Testosterone-a steroid hormone in both men and women
While most commonly associated with male physical and functional characteristics, the hormone testosterone is present at much smaller levels in females as well. There, as it does in males, the hormone produces sex drive and also helps regulate menstrual periods. Excessive testosterone in females can also cause a deepening of voice and the growth of facial hair.
But yes, testosterone is primarily a male hormone. Most is manufactured in the testes and the male hormone level is regulated by signals from the pituitary gland located at the base of the brain. If the testosterone level drops low, the pituitary releases a luteinizing hormone that causes the testes to increase testosterone production. The pituitary gland is, in turn, stimulated by the hypothalamus which detects the testosterone level and releases the gonadotropic-releasing hormone to the pituitary. Thus, a continuous relationship exists as the hypothalamic-pituitary-testicular axis.
Testosterone levels can be reduced for several reasons. Aging often brings the level down as will Zinc deficiency. An external stimulus such as loss of domination or status in men can also reduce the level.

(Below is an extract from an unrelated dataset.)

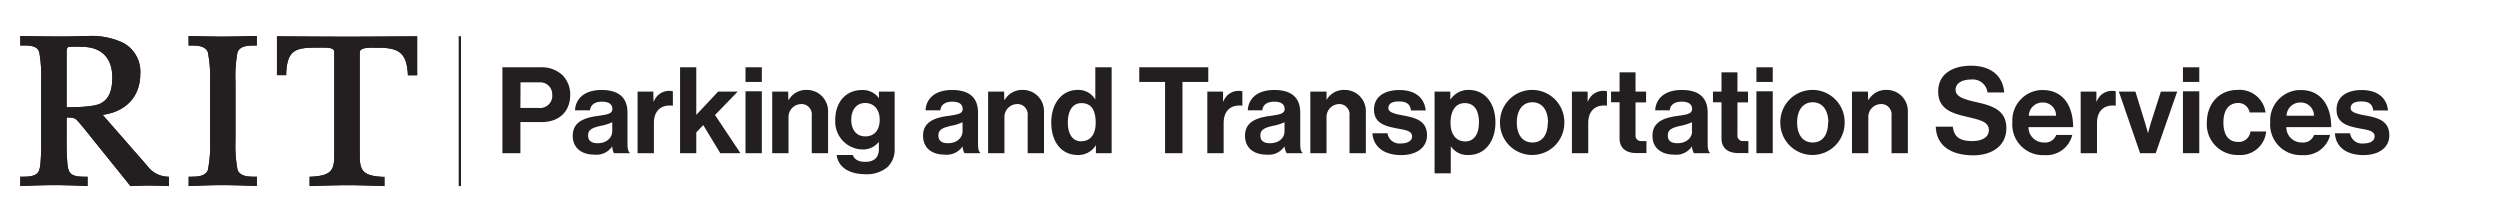 <svg id="Layer_1" data-name="Layer 1" xmlns="http://www.w3.org/2000/svg" viewBox="0 0 416.5 37.03"><defs><style>.cls-1{fill:#231f20;}</style></defs><title>FA_Parking and Transportation Services_hor_k</title><rect class="cls-1" x="76.42" y="6.03" width="0.38" height="24.97"/><path class="cls-1" d="M39.57,8.7c.43-1.12,1.85-1.12,3-1.12h.21V6s-4.44.1-5.8.1S31.42,6,31.42,6V7.58h.21c1.14,0,2.56,0,3,1.12A21.15,21.15,0,0,1,35,13.55v9.91a21.15,21.15,0,0,1-.36,4.85c-.43,1.13-1.85,1.13-3,1.13h-.21V31S35,30.84,37,30.84c2.26,0,5.79.15,5.79.15V29.44h-.21c-1.14,0-2.56,0-3-1.13a21.74,21.74,0,0,1-.35-4.85V13.55A21.74,21.74,0,0,1,39.57,8.7Z"/><path class="cls-1" d="M46.14,6.05v6.47h1.54v-.2c.14-4.21,1.75-4.39,5.39-4.39h.37c.9,0,1.75,0,2.09.32a.62.62,0,0,1,.16.47v17c0,2.53-.35,3.57-3.91,3.72h-.2V31s4.15-.15,6.55-.15c1.83,0,5.92.15,5.92.15V29.47h-.21c-3.55-.15-3.91-1.19-3.91-3.72v-17a.56.56,0,0,1,.17-.42c.41-.41,1.54-.39,2.44-.38h.51c3.55,0,4.69,1,4.9,4.4v.19H69.5V6.05s-9,.06-11.68.06S46.14,6.05,46.14,6.05Z"/><path class="cls-1" d="M28,29.44a4.43,4.43,0,0,1-3.5-1.85L17.1,19.13c3.88-.51,6.27-3.07,6.27-6.78A5.45,5.45,0,0,0,20.6,7.18,12.2,12.2,0,0,0,14.67,6c-.78,0-2.65.08-4.71.08S3.38,6,3.38,6V7.57h.31c1.18,0,2.5,0,2.85,1.12a22.5,22.5,0,0,1,.32,4.59V23.46a38.67,38.67,0,0,1-.14,4,5.78,5.78,0,0,1-.18.86c-.36,1.12-1.79,1.12-2.95,1.12H3.38V31s3.46-.16,5.77-.16c2,0,5.44.15,5.44.16V29.44h-.31c-1.16,0-2.47,0-2.85-1.12a4.74,4.74,0,0,1-.18-.86,35.71,35.71,0,0,1-.15-3.73V19.57c1.38,0,1.5.16,2.21,1,.13.16.28.34.46.54l6.15,7.63L21.73,31s2-.09,2.95-.09c1.4,0,3.47.09,3.47.09V29.47ZM11.1,17.87V8.81c0-.36,0-.86.29-1a18.09,18.09,0,0,1,2.32,0c3.16,0,5,1.85,5,5.07,0,2.35-.63,3.7-2,4.38S11.1,17.87,11.1,17.87Z"/><path class="cls-1" d="M39.57,8.7c.43-1.12,1.85-1.12,3-1.12h.21V6s-4.44.1-5.8.1S31.42,6,31.42,6V7.58h.21c1.14,0,2.56,0,3,1.12A21.15,21.15,0,0,1,35,13.55v9.91a21.15,21.15,0,0,1-.36,4.85c-.43,1.13-1.85,1.13-3,1.13h-.21V31S35,30.84,37,30.84c2.26,0,5.79.15,5.79.15V29.44h-.21c-1.14,0-2.56,0-3-1.13a21.74,21.74,0,0,1-.35-4.85V13.55A21.74,21.74,0,0,1,39.57,8.7Z"/><path class="cls-1" d="M46.14,6.05v6.47h1.54v-.2c.14-4.21,1.75-4.39,5.39-4.39h.37c.9,0,1.75,0,2.09.32a.62.62,0,0,1,.16.47v17c0,2.53-.35,3.57-3.91,3.72h-.2V31s4.15-.15,6.55-.15c1.83,0,5.92.15,5.92.15V29.47h-.21c-3.55-.15-3.91-1.19-3.91-3.72v-17a.56.56,0,0,1,.17-.42c.41-.41,1.54-.39,2.44-.38h.51c3.55,0,4.69,1,4.9,4.4v.19H69.5V6.05s-9,.06-11.68.06S46.14,6.05,46.14,6.05Z"/><path class="cls-1" d="M28,29.44a4.43,4.43,0,0,1-3.5-1.85L17.1,19.13c3.88-.51,6.27-3.07,6.27-6.78A5.45,5.45,0,0,0,20.6,7.18,12.2,12.2,0,0,0,14.67,6c-.78,0-2.65.08-4.71.08S3.38,6,3.38,6V7.57h.31c1.18,0,2.5,0,2.85,1.12a22.5,22.5,0,0,1,.32,4.59V23.46a38.67,38.67,0,0,1-.14,4,5.78,5.78,0,0,1-.18.86c-.36,1.12-1.79,1.12-2.95,1.12H3.38V31s3.46-.16,5.77-.16c2,0,5.44.15,5.44.16V29.44h-.31c-1.16,0-2.47,0-2.85-1.12a4.74,4.74,0,0,1-.18-.86,35.71,35.71,0,0,1-.15-3.73V19.57c1.38,0,1.5.16,2.21,1,.13.16.28.34.46.54l6.15,7.63L21.73,31s2-.09,2.95-.09c1.4,0,3.47.09,3.47.09V29.47ZM11.1,17.87V8.81c0-.36,0-.86.29-1a18.09,18.09,0,0,1,2.32,0c3.16,0,5,1.85,5,5.07,0,2.35-.63,3.7-2,4.38S11.1,17.87,11.1,17.87Z"/><path class="cls-1" d="M83.7,11.21H90a5.05,5.05,0,0,1,3.74,1.34A4.61,4.61,0,0,1,95,15.81c0,2.71-1.78,4.53-4.78,4.53H86.7v5.18h-3Zm3,6.77h3A2.06,2.06,0,0,0,92,16.24a2.71,2.71,0,0,0,0-.4,2,2,0,0,0-1.87-2.12,2.81,2.81,0,0,0-.41,0h-3Z"/><path class="cls-1" d="M102,24.38h0a3.16,3.16,0,0,1-3,1.38c-2.1,0-3.58-1.1-3.58-3.14,0-2.26,1.84-3,4.12-3.3,1.7-.24,2.48-.38,2.48-1.16s-.58-1.22-1.72-1.22-1.9.46-2,1.44H95.8c.08-1.81,1.42-3.39,4.42-3.39s4.32,1.39,4.32,3.79V24c0,.78.12,1.24.36,1.42v.1h-2.62A2.71,2.71,0,0,1,102,24.38Zm0-2.48V20.36a7.79,7.79,0,0,1-1.9.6c-1.42.32-2.12.64-2.12,1.6s.64,1.3,1.6,1.3c1.56,0,2.42-1,2.42-2Z"/><path class="cls-1" d="M108.88,16.9h.06a2.69,2.69,0,0,1,2.52-1.76,1.55,1.55,0,0,1,.64.08V17.6H112c-1.78-.18-3.06.76-3.06,2.92v5h-2.72V15.26h2.62Z"/><path class="cls-1" d="M117.16,20.84,116,22.06v3.46h-2.7V11.21H116v7.93l3.64-3.88h3.26l-3.78,3.9,4.24,6.36H120Z"/><path class="cls-1" d="M124.2,11.21h2.72v2.44H124.2Zm0,4h2.72V25.52H124.2Z"/><path class="cls-1" d="M131.34,16.65h.06a3.32,3.32,0,0,1,3-1.67,3.53,3.53,0,0,1,3.56,3.5c0,.11,0,.22,0,.34v6.7h-2.72v-6.3a1.72,1.72,0,0,0-1.52-1.88,1.13,1.13,0,0,0-.26,0,2.14,2.14,0,0,0-2.09,2.19,1,1,0,0,0,0,.17v5.82h-2.72V15.26h2.66Z"/><path class="cls-1" d="M139.38,25.82h2.7c.22.64.8,1.14,2.06,1.14,1.54,0,2.28-.74,2.28-2.14V23.7h-.06a3.33,3.33,0,0,1-2.68,1.2,4.62,4.62,0,0,1-4.53-4.7,1.27,1.27,0,0,1,0-.2c0-3.06,1.84-5,4.44-5a3.28,3.28,0,0,1,2.84,1.36h0V15.26h2.62v9.48a4,4,0,0,1-1.22,3.12,5.36,5.36,0,0,1-3.7,1.16C141.38,29,139.66,27.82,139.38,25.82Zm7.18-5.88c0-1.5-.8-2.78-2.44-2.78-1.38,0-2.3,1.08-2.3,2.8s.92,2.76,2.32,2.76C145.86,22.72,146.56,21.46,146.56,19.94Z"/><path class="cls-1" d="M160.36,24.38h0a3.16,3.16,0,0,1-3,1.38c-2.1,0-3.58-1.1-3.58-3.14,0-2.26,1.84-3,4.12-3.3,1.7-.24,2.48-.38,2.48-1.16s-.58-1.22-1.72-1.22-1.9.46-2,1.44H154.2c.08-1.81,1.42-3.39,4.42-3.39s4.32,1.39,4.32,3.79V24c0,.78.12,1.24.36,1.42v.1h-2.62A2.71,2.71,0,0,1,160.36,24.38Zm0-2.48V20.36a7.79,7.79,0,0,1-1.9.6c-1.42.32-2.12.64-2.12,1.6s.64,1.3,1.6,1.3c1.56,0,2.42-1,2.42-2Z"/><path class="cls-1" d="M167.32,16.65h.06a3.32,3.32,0,0,1,3-1.67,3.51,3.51,0,0,1,3.55,3.5,2,2,0,0,1,0,.34v6.7h-2.72v-6.3a1.72,1.72,0,0,0-1.52-1.88,1.13,1.13,0,0,0-.26,0,2.14,2.14,0,0,0-2.09,2.19,1,1,0,0,0,0,.17v5.82h-2.72V15.26h2.66Z"/><path class="cls-1" d="M175.14,20.4c0-3.21,1.82-5.42,4.38-5.42a3.22,3.22,0,0,1,2.9,1.52h.06V11.21h2.72V25.52h-2.62V24.18h0a3.42,3.42,0,0,1-3.06,1.64C176.9,25.82,175.14,23.72,175.14,20.4Zm7.4.06c0-2-.64-3.28-2.38-3.28-1.5,0-2.26,1.32-2.26,3.22s.78,3.14,2.18,3.14c1.62,0,2.46-1.2,2.46-3.08Z"/><path class="cls-1" d="M189.8,11.21h11.5v2.44H197V25.52h-2.9V13.65h-4.3Z"/><path class="cls-1" d="M203.76,16.9h.06a2.68,2.68,0,0,1,2.52-1.76,1.55,1.55,0,0,1,.64.08V17.6h-.06c-1.78-.18-3.06.76-3.06,2.92v5h-2.72V15.26h2.62Z"/><path class="cls-1" d="M214,24.38h0a3.16,3.16,0,0,1-3,1.38c-2.1,0-3.58-1.1-3.58-3.14,0-2.26,1.84-3,4.12-3.3,1.7-.24,2.48-.38,2.48-1.16s-.58-1.22-1.72-1.22-1.9.46-2,1.44h-2.42c.08-1.81,1.42-3.39,4.42-3.39s4.32,1.39,4.32,3.79V24c0,.78.12,1.24.36,1.42v.1h-2.62A2.71,2.71,0,0,1,214,24.38Zm0-2.48V20.36a7.79,7.79,0,0,1-1.9.6c-1.42.32-2.12.64-2.12,1.6s.64,1.3,1.6,1.3C213.16,23.86,214,22.9,214,21.9Z"/><path class="cls-1" d="M221,16.65H221a3.32,3.32,0,0,1,3-1.67,3.51,3.51,0,0,1,3.55,3.5c0,.11,0,.22,0,.34v6.7h-2.72v-6.3a1.72,1.72,0,0,0-1.53-1.88,1,1,0,0,0-.25,0A2.14,2.14,0,0,0,221,19.53a1,1,0,0,0,0,.17v5.82H218.3V15.26H221Z"/><path class="cls-1" d="M228.64,22.2h2.52a2,2,0,0,0,2.21,1.7h0c1.2,0,1.88-.46,1.88-1.18,0-1-1.3-1.08-2.7-1.36-1.84-.36-3.64-.86-3.64-3.1S230.78,15,233.12,15c2.7,0,4.2,1.33,4.4,3.4h-2.46c-.12-1.11-.82-1.5-2-1.5s-1.76.39-1.76,1.14,1.36,1,2.82,1.26c1.72.36,3.62.84,3.62,3.24,0,2.06-1.76,3.3-4.32,3.3C230.46,25.82,228.8,24.38,228.64,22.2Z"/><path class="cls-1" d="M239,15.26h2.62v1.28h.06a3.54,3.54,0,0,1,3-1.56c2.72,0,4.46,2.21,4.46,5.42s-1.8,5.42-4.44,5.42a3.31,3.31,0,0,1-3-1.46h0v4.52H239Zm7.4,5.22c0-1.94-.68-3.3-2.36-3.3s-2.38,1.46-2.38,3.3.86,3.08,2.48,3.08C245.5,23.56,246.38,22.42,246.38,20.48Z"/><path class="cls-1" d="M249.9,20.4a5.36,5.36,0,1,1,10.72-.12v.12a5.36,5.36,0,0,1-10.72.12Zm8,0c0-2-.94-3.36-2.6-3.36s-2.6,1.36-2.6,3.36.92,3.34,2.6,3.34S257.86,22.4,257.86,20.4Z"/><path class="cls-1" d="M264.5,16.9h.06a2.68,2.68,0,0,1,2.52-1.76,1.55,1.55,0,0,1,.64.08V17.6h-.06c-1.78-.18-3.06.76-3.06,2.92v5h-2.72V15.26h2.62Z"/><path class="cls-1" d="M268.4,15.26h1.42V12.05h2.66v3.21h1.76v1.8h-1.76V22.5a.9.9,0,0,0,.76,1,1.13,1.13,0,0,0,.26,0l.8,0v2s-.62,0-1.7,0c-1.32,0-2.78-.52-2.78-2.46v-6H268.4Z"/><path class="cls-1" d="M281.88,24.38h0a3.16,3.16,0,0,1-3,1.38c-2.1,0-3.58-1.1-3.58-3.14,0-2.26,1.84-3,4.12-3.3,1.7-.24,2.48-.38,2.48-1.16s-.58-1.22-1.72-1.22-1.9.46-2,1.44h-2.42c.08-1.81,1.42-3.39,4.42-3.39s4.32,1.39,4.32,3.79V24c0,.78.12,1.24.36,1.42v.1H282.2A2.71,2.71,0,0,1,281.88,24.38Zm0-2.48V20.36a7.93,7.93,0,0,1-1.9.6c-1.42.32-2.12.64-2.12,1.6s.64,1.3,1.6,1.3C281,23.86,281.9,22.9,281.9,21.9Z"/><path class="cls-1" d="M285.38,15.26h1.42V12.05h2.66v3.21h1.76v1.8h-1.76V22.5a.9.9,0,0,0,.76,1,1.13,1.13,0,0,0,.26,0l.8,0v2s-.62,0-1.7,0c-1.32,0-2.78-.52-2.78-2.46v-6h-1.42Z"/><path class="cls-1" d="M292.62,11.21h2.72v2.44h-2.72Zm0,4h2.72V25.52h-2.72Z"/><path class="cls-1" d="M296.6,20.4a5.36,5.36,0,0,1,10.72-.12v.12a5.36,5.36,0,0,1-10.72.12Zm8,0c0-2-.94-3.36-2.6-3.36s-2.6,1.36-2.6,3.36.92,3.34,2.6,3.34S304.56,22.4,304.56,20.4Z"/><path class="cls-1" d="M311.24,16.65h.06a3.32,3.32,0,0,1,3-1.67,3.51,3.51,0,0,1,3.55,3.5c0,.11,0,.22,0,.34v6.7h-2.72v-6.3a1.72,1.72,0,0,0-1.53-1.88,1,1,0,0,0-.25,0,2.13,2.13,0,0,0-2.09,2.19,1,1,0,0,0,0,.17v5.82h-2.72V15.26h2.66Z"/><path class="cls-1" d="M322.5,21.1h2.84c.2,1.72,1.18,2.4,3.22,2.4,1.48,0,2.78-.52,2.78-1.84S330,20,327.8,19.48c-2.56-.58-4.9-1.26-4.9-4.25,0-2.82,2.3-4.28,5.48-4.28s5.3,1.58,5.52,4.46h-2.78a2.47,2.47,0,0,0-2.74-2.16h0c-1.56,0-2.58.66-2.58,1.69s1,1.5,3.12,2c2.94.64,5.34,1.34,5.34,4.42,0,2.9-2.34,4.52-5.56,4.52C324.8,25.84,322.6,24.12,322.5,21.1Z"/><path class="cls-1" d="M335.26,20.38A5.07,5.07,0,0,1,340,15h.32c3.3,0,5.06,2.52,5.06,6.18h-7.44a2.55,2.55,0,0,0,2.54,2.56h.08a1.92,1.92,0,0,0,2-1.26h2.68a4.41,4.41,0,0,1-4.64,3.36A5.09,5.09,0,0,1,335.25,21,4.26,4.26,0,0,1,335.26,20.38Zm2.72-1.1h4.56a2.16,2.16,0,0,0-2.13-2.2h-.05A2.27,2.27,0,0,0,338,19.26Z"/><path class="cls-1" d="M349.26,16.9h.06a2.68,2.68,0,0,1,2.52-1.76,1.57,1.57,0,0,1,.64.08V17.6h-.06c-1.78-.18-3.06.76-3.06,2.92v5h-2.72V15.26h2.62Z"/><path class="cls-1" d="M353,15.26h2.76l1.64,5.32c.3,1,.46,1.64.46,1.64h0s.14-.66.44-1.64L360,15.26h2.72l-3.58,10.26h-2.6Z"/><path class="cls-1" d="M363.68,11.21h2.72v2.44h-2.72Zm0,4h2.72V25.52h-2.72Z"/><path class="cls-1" d="M367.66,20.4c0-3.06,2-5.42,5.12-5.42a4.35,4.35,0,0,1,4.66,3.76h-2.66a1.87,1.87,0,0,0-1.88-1.58c-1.64,0-2.48,1.26-2.48,3.24s.78,3.24,2.44,3.24a1.93,1.93,0,0,0,2.06-1.74h2.62a4.31,4.31,0,0,1-4.62,3.92,5.11,5.11,0,0,1-5.27-4.94A3.85,3.85,0,0,1,367.66,20.4Z"/><path class="cls-1" d="M378.22,20.38A5.07,5.07,0,0,1,383,15h.32c3.3,0,5.06,2.52,5.06,6.18H380.9a2.55,2.55,0,0,0,2.54,2.56h.08a1.92,1.92,0,0,0,2-1.26h2.68a4.41,4.41,0,0,1-4.64,3.36A5.09,5.09,0,0,1,378.21,21,4.26,4.26,0,0,1,378.22,20.38Zm2.72-1.1h4.56a2.16,2.16,0,0,0-2.13-2.2h-.05a2.27,2.27,0,0,0-2.38,2.18Z"/><path class="cls-1" d="M389,22.2h2.52a2,2,0,0,0,2.21,1.7h0c1.2,0,1.88-.46,1.88-1.18,0-1-1.3-1.08-2.7-1.36-1.84-.36-3.64-.86-3.64-3.1S391.1,15,393.44,15c2.7,0,4.2,1.33,4.4,3.4h-2.46c-.12-1.11-.82-1.5-2-1.5s-1.76.39-1.76,1.14,1.36,1,2.82,1.26c1.72.36,3.62.84,3.62,3.24,0,2.06-1.76,3.3-4.32,3.3C390.78,25.82,389.12,24.38,389,22.2Z"/></svg>

While we mostly hear about failure of male sex drive and erectile dysfunction as a result of low testosterone levels, there are other problems that result from lack of that hormone. These include the possibility of osteoporosis, high blood pressure, elevated cholesterol as well as low red blood cell reproduction. Deficiency can also result in cardiovascular disease (CVD) and heart attack. Higher than normal testosterone levels can induce high risk behavior, aggressiveness, and even smoking. Therefore treatment for deficiency in this important androgen hormone should be carefully monitored. Other effects of low testosterone can be development of type 2 diabetes an increased risk of Alzheimer’s disease, obesity and depression. There is also statistical evidence of early mortality.
In females, testosterone is generated at much lower levels in the adrenal gland and in the ovaries. Female testosterone deficiency has been known to contribute to breast cancer and irregular menstruation as well as CVD. Oddly over-treatment of the deficiency through use of the drug Estratest, a mix of estrogen and methyltestosterone can also increase the risk of breast cancer.
Testosterone and other anabolic steroids also have often been used by athletes to enhance muscle development and endurance. However, the tendency toward excessive use of such systemic additives has led to intra sport regulation and/or prohibition of such steroid use. Such abuse has been known to contribute to increases in aggressive behavior. Tests for steroid levels are usually based on required urine samples from athletes.
Treatment for testosterone deficiency may include direct injection, transdermal patches , subcutaneous pellets, gels or oral therapy. Side effects are not major and include oily skin or slight acne. However caution is advised if there is any possibility of prostate cancer in male patients. Testosterone therapy can accelerate prostate cancer, and all males should be tested for that condition with a rectal examination and administration of prostate specific antigen (PSA) before therapy begins. Some male patients have complained of breast development but this can be offset by the use of parallel medication that will reduce sex hormone binding globulin.
All in all, treatment for testosterone deficiency in males has been carried out with a good safety record for more than sixty years.